▶ **WORK INSTRUCTIONS**
Among the records below, find each line containing the word "white" and copy it.

▶ **GIVEN ENTRIES**
========================
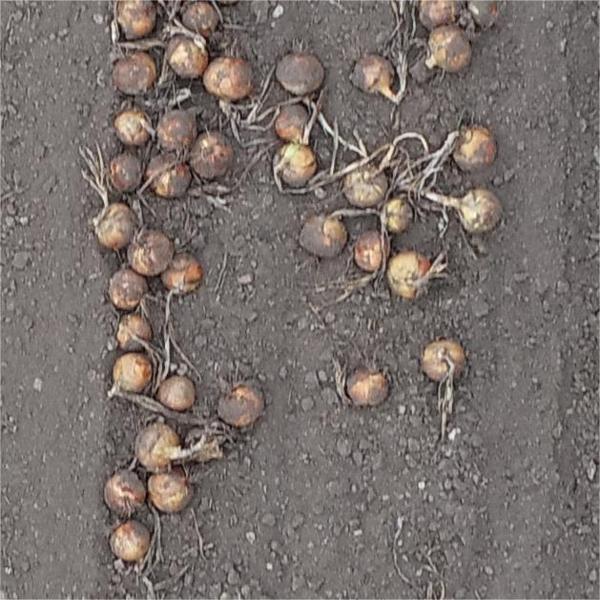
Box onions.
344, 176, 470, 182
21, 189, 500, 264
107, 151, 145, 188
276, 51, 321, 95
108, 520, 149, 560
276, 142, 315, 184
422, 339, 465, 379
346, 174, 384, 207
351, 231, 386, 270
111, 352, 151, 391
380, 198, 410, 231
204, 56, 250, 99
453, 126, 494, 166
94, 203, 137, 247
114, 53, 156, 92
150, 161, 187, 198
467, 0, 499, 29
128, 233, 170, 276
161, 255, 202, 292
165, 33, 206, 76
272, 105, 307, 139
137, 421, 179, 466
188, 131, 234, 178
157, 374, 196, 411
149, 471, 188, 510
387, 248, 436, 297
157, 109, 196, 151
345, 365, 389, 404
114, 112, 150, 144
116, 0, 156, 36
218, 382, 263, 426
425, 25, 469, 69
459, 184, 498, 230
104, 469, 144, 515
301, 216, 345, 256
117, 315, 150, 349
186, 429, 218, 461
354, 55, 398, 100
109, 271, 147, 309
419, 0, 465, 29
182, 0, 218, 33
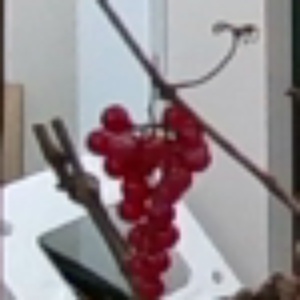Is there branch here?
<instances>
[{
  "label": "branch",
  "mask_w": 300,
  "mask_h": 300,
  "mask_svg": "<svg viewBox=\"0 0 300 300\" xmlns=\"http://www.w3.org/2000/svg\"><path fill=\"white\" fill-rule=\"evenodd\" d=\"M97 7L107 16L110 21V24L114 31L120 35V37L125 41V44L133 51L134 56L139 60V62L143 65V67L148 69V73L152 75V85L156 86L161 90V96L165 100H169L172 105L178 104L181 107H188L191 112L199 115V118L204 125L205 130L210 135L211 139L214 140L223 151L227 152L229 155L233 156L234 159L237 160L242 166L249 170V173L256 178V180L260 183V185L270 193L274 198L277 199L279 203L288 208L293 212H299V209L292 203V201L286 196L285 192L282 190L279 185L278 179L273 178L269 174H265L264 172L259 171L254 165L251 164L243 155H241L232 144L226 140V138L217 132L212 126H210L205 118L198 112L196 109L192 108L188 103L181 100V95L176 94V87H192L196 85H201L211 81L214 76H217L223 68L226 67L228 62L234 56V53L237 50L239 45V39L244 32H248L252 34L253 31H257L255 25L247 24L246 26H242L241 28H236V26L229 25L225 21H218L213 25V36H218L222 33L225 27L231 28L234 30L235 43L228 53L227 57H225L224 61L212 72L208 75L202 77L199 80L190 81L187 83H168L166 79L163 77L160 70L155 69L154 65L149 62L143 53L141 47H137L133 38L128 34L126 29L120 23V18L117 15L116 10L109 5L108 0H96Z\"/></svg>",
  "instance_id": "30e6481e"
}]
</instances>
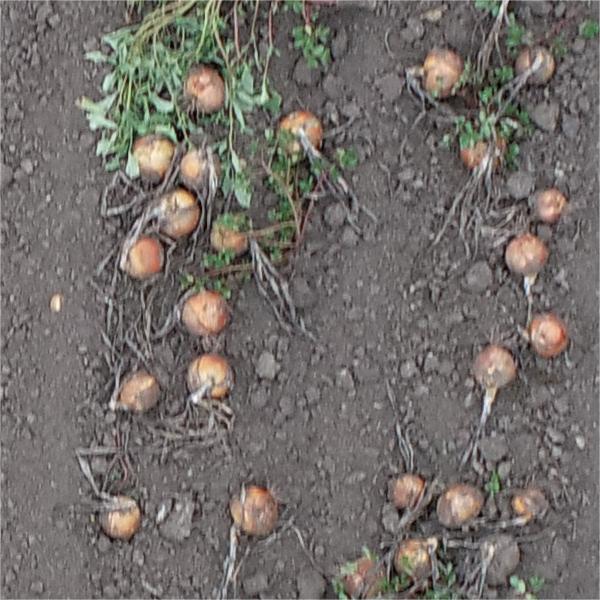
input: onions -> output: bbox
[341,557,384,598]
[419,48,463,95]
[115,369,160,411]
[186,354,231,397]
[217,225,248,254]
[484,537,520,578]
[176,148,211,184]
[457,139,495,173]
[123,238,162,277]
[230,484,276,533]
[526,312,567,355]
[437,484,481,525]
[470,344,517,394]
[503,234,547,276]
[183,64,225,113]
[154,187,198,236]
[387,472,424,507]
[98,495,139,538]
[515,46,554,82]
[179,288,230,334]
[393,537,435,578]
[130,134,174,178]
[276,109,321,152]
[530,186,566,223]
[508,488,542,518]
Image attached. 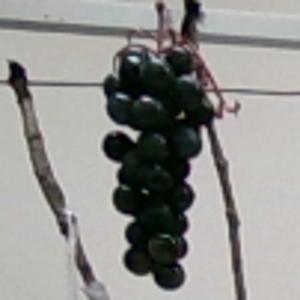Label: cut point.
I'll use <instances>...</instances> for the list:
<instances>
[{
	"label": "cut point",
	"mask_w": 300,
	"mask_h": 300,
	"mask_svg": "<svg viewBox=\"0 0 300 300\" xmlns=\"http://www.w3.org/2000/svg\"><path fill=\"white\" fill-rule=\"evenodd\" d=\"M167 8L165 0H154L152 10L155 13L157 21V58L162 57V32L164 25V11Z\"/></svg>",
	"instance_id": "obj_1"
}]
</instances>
========================
▶ **SOLUTION BELOW**
  "mask_svg": "<svg viewBox=\"0 0 300 300\" xmlns=\"http://www.w3.org/2000/svg\"><path fill=\"white\" fill-rule=\"evenodd\" d=\"M97 7L107 16L110 21V24L114 31L120 35V37L125 41V44L133 51L134 56L139 60V62L143 65V67L148 69V73L152 75V85L156 86L161 90V96L165 100H169L172 105L178 104L181 107H188L191 112L199 115V118L204 125L205 130L210 135L211 139L214 140L223 151L227 152L229 155L233 156L234 159L237 160L242 166L249 170V173L256 178V180L260 183V185L270 193L274 198L277 199L279 203L288 208L293 212H299V209L292 203V201L286 196L285 192L282 190L279 185L278 179L273 178L269 174H265L264 172L259 171L254 165L251 164L243 155H241L232 144L226 140V138L217 132L212 126H210L205 118L198 112L196 109L192 108L188 103L181 100V95L176 94V87H192L196 85H201L211 81L214 76H217L223 68L226 67L228 62L234 56V53L237 50L239 45V39L244 32H248L252 34L253 31H257L255 25L247 24L246 26H242L241 28H236V26L229 25L225 21H218L213 25V36H218L222 33L225 27L231 28L234 30L235 43L228 53L227 57H225L224 61L212 72L208 75L202 77L199 80L190 81L187 83H168L166 79L163 77L160 70L155 69L154 65L149 62L143 53L141 47H137L133 38L128 34L126 29L120 23V18L117 15L116 10L109 5L108 0H96Z\"/></svg>",
	"mask_svg": "<svg viewBox=\"0 0 300 300\" xmlns=\"http://www.w3.org/2000/svg\"><path fill=\"white\" fill-rule=\"evenodd\" d=\"M167 8L165 0H154L152 10L155 13L157 21V58L162 57V32L164 25V11Z\"/></svg>",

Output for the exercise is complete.